Nerve Damage From Spinal and Epidural Anesthesia
Regional anesthesia techniques like epidurals and spinal blocks avoid many of the risks of general anesthesia but carry their own specific concern: nerve injury. Temporary nerve symptoms, such as tingling, numbness, or weakness, occur in a small percentage of patients. Most resolve within six weeks to two months.
Permanent nerve injury is far rarer. A large study of 1.4 million spinal and epidural procedures found permanent injury rates of about 1 in 144,000 for epidurals and 1 in 66,000 for spinal blocks in obstetric patients. Combined spinal-epidural techniques carried slightly higher risk at roughly 1 in 9,900 in the general population, though still low in absolute terms. About 10% of patients who develop postoperative nerve symptoms still have them at one year.
Malignant Hyperthermia
Malignant hyperthermia is a rare, inherited reaction to certain anesthetic gases and a specific muscle relaxant. In susceptible individuals, these drugs trigger a dangerous spike in body temperature, rapid heart rate, and severe muscle rigidity. It runs in families, most often linked to a mutation in the RYR1 gene. If you have a family history of problems during anesthesia, particularly unexplained fevers or deaths, tell your anesthesia provider. The condition is treatable when caught early, and alternative anesthetic approaches exist for people known to carry the genetic susceptibility.
Risks for Young Children
In 2016, the FDA issued a warning about potential effects on brain development when children under three (or pregnant women in the third trimester) receive general anesthesia, particularly for repeated exposures or procedures lasting longer than three hours. Animal studies show clear evidence of harm at these durations, and some human studies suggest an association with later learning or behavioral differences, though a direct cause-and-effect relationship hasn’t been proven.
Most pediatric anesthetics fall well below the concerning threshold. An analysis of approximately 1.5 million pediatric anesthesia records found the median duration was 57 minutes, with only 6% lasting longer than three hours. For infants under one year, about 14% of procedures exceeded three hours. A single, short exposure for a necessary procedure is generally considered low risk, but when surgery can safely be delayed past age three, that option is worth discussing with your child’s surgeon.
What Raises Your Personal Risk
Your overall health matters more than anesthesia itself for most serious complications. The factors that increase risk most significantly include heart or lung disease, obesity, obstructive sleep apnea, diabetes, kidney or liver problems, smoking, and advanced age. Patients classified as having serious systemic disease have seen the steepest declines in anesthesia-related deaths in recent years, reflecting improvements in monitoring and technique, but they still face meaningfully higher risk than healthy patients undergoing the same procedures.

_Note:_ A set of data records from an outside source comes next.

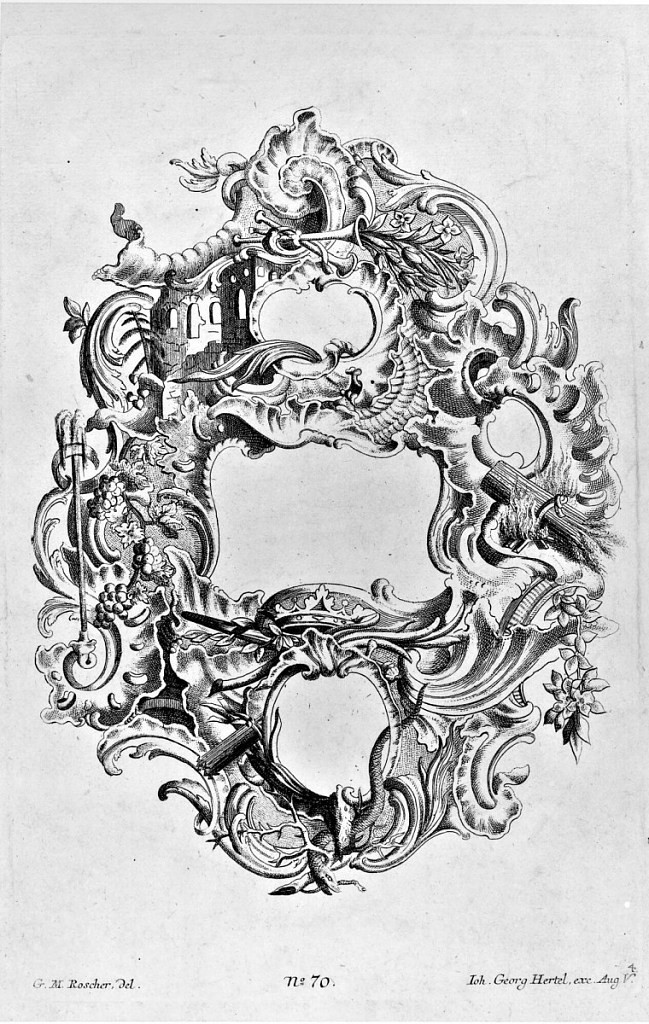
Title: Rocaille Design
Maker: Georg Michael Roscher, German, 1700–1775
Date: mid- 18th century
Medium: Engraving on white laid paper
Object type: Print
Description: Design for a rocaille frame or mirror decorated with scrolls, horns, architectural motifs, fountains, vines, serpents, crown, sheaves of wheat. The plate is signed and numbered.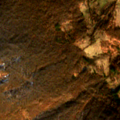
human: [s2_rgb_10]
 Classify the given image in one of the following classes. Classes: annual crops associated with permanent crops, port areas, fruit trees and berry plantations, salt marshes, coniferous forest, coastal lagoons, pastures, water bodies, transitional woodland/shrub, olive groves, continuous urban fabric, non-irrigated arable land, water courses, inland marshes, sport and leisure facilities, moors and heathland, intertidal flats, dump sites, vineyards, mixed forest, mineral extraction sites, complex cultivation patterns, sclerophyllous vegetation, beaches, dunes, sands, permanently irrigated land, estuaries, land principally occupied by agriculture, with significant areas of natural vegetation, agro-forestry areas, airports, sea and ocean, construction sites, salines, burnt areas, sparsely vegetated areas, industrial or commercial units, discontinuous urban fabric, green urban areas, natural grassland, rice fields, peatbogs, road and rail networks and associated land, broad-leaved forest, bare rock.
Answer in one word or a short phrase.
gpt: non-irrigated arable land, land principally occupied by agriculture, with significant areas of natural vegetation, broad-leaved forest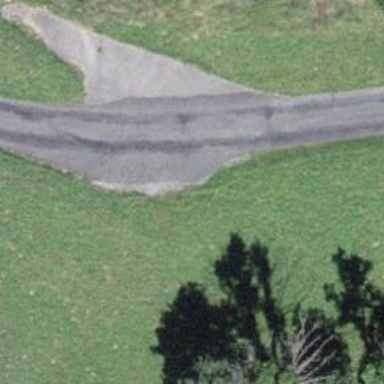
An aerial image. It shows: Passing place on the road.
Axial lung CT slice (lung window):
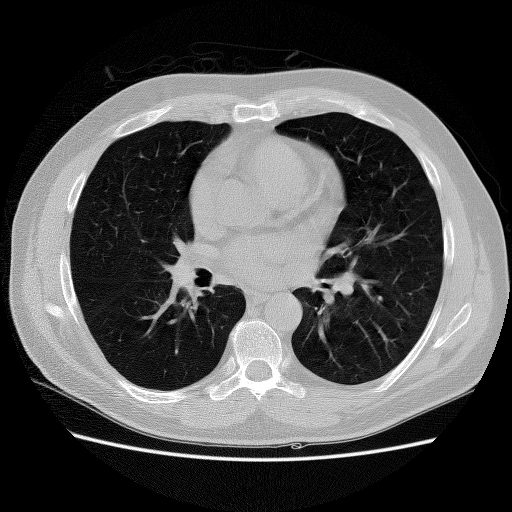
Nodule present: no
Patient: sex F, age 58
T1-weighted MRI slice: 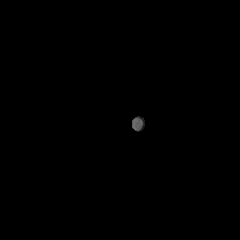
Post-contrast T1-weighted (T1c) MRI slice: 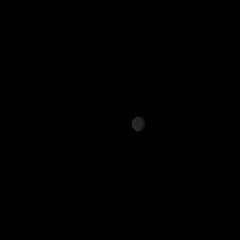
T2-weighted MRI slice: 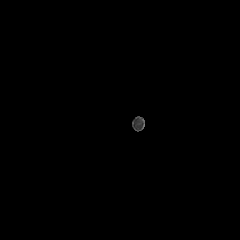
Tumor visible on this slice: no
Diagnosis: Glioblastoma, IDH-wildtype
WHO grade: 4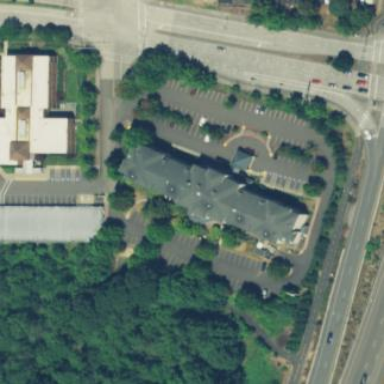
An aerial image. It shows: Hotel building.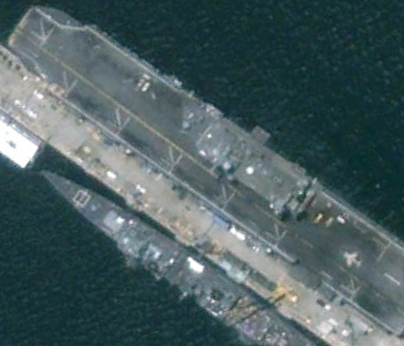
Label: assault
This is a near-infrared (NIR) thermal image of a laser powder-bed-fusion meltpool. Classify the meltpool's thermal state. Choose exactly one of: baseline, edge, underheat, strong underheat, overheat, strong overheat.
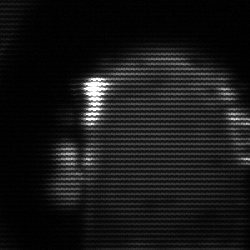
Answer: baseline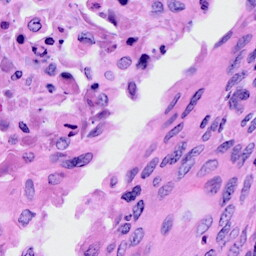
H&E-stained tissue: Cervix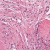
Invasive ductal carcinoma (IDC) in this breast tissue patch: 1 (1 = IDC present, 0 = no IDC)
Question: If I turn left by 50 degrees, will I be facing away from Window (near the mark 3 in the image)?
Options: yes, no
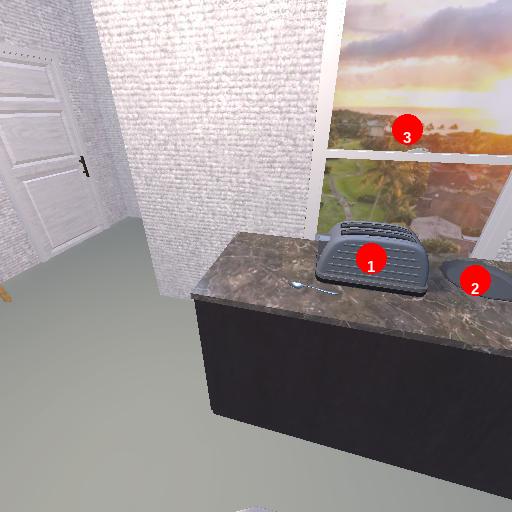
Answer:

Being honest and thorough during your preoperative assessment is one of the most effective things you can do to reduce risk. That means disclosing all medications (including supplements and recreational drugs), prior reactions to anesthesia, family history of anesthesia problems, and conditions like sleep apnea that you might not think to mention. Your anesthesia team uses this information to choose the safest approach and anticipate complications before they happen.